Write out the records below word for word, please.

● **THE DATA**:
* * * * *
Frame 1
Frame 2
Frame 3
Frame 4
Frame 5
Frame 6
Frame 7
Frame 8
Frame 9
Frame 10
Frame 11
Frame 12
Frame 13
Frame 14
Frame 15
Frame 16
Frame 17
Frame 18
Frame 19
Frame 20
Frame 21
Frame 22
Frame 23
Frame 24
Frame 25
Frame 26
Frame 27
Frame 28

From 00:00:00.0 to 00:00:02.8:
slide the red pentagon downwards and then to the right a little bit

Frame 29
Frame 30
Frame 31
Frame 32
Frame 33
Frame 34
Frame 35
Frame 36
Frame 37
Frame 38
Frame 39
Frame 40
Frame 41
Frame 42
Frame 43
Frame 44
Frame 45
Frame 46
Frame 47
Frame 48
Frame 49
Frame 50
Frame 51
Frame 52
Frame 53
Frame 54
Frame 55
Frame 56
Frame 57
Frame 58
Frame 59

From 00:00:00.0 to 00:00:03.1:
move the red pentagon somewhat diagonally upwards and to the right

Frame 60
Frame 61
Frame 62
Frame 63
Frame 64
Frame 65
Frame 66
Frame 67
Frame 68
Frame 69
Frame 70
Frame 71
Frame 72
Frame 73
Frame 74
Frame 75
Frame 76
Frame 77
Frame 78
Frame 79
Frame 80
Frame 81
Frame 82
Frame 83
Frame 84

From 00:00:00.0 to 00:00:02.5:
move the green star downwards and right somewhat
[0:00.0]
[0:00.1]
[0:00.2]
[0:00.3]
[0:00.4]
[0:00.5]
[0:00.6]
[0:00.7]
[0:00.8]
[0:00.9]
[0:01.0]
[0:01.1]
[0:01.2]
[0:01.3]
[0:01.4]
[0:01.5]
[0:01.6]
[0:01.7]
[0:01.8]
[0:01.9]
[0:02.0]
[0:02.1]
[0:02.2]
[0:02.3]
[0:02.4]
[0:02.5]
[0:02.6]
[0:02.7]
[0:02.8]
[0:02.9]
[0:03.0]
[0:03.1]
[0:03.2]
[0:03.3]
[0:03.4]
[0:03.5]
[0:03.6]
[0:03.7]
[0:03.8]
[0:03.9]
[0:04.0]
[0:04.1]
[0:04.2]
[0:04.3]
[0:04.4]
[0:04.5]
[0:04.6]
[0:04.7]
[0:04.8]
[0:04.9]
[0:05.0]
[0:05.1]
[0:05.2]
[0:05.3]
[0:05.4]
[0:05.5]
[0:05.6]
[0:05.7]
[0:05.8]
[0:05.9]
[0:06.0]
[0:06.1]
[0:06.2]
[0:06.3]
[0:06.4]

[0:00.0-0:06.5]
* * * * *
● **RESPONSE FOR THIS EXERCISE**:
Frame 1
Frame 2
Frame 3
Frame 4
Frame 5
Frame 6
Frame 7
Frame 8
Frame 9
Frame 10
Frame 11
Frame 12
Frame 13
Frame 14
Frame 15
Frame 16
Frame 17
Frame 18
Frame 19
Frame 20
Frame 21
Frame 22
Frame 23
Frame 24
Frame 25
Frame 26
Frame 27
Frame 28

From 00:00:00.0 to 00:00:02.8:
slide the red pentagon downwards and then to the right a little bit

Frame 29
Frame 30
Frame 31
Frame 32
Frame 33
Frame 34
Frame 35
Frame 36
Frame 37
Frame 38
Frame 39
Frame 40
Frame 41
Frame 42
Frame 43
Frame 44
Frame 45
Frame 46
Frame 47
Frame 48
Frame 49
Frame 50
Frame 51
Frame 52
Frame 53
Frame 54
Frame 55
Frame 56
Frame 57
Frame 58
Frame 59

From 00:00:00.0 to 00:00:03.1:
move the red pentagon somewhat diagonally upwards and to the right

Frame 60
Frame 61
Frame 62
Frame 63
Frame 64
Frame 65
Frame 66
Frame 67
Frame 68
Frame 69
Frame 70
Frame 71
Frame 72
Frame 73
Frame 74
Frame 75
Frame 76
Frame 77
Frame 78
Frame 79
Frame 80
Frame 81
Frame 82
Frame 83
Frame 84

From 00:00:00.0 to 00:00:02.5:
move the green star downwards and right somewhat
[0:00.0]
[0:00.1]
[0:00.2]
[0:00.3]
[0:00.4]
[0:00.5]
[0:00.6]
[0:00.7]
[0:00.8]
[0:00.9]
[0:01.0]
[0:01.1]
[0:01.2]
[0:01.3]
[0:01.4]
[0:01.5]
[0:01.6]
[0:01.7]
[0:01.8]
[0:01.9]
[0:02.0]
[0:02.1]
[0:02.2]
[0:02.3]
[0:02.4]
[0:02.5]
[0:02.6]
[0:02.7]
[0:02.8]
[0:02.9]
[0:03.0]
[0:03.1]
[0:03.2]
[0:03.3]
[0:03.4]
[0:03.5]
[0:03.6]
[0:03.7]
[0:03.8]
[0:03.9]
[0:04.0]
[0:04.1]
[0:04.2]
[0:04.3]
[0:04.4]
[0:04.5]
[0:04.6]
[0:04.7]
[0:04.8]
[0:04.9]
[0:05.0]
[0:05.1]
[0:05.2]
[0:05.3]
[0:05.4]
[0:05.5]
[0:05.6]
[0:05.7]
[0:05.8]
[0:05.9]
[0:06.0]
[0:06.1]
[0:06.2]
[0:06.3]
[0:06.4]

[0:00.0-0:06.5]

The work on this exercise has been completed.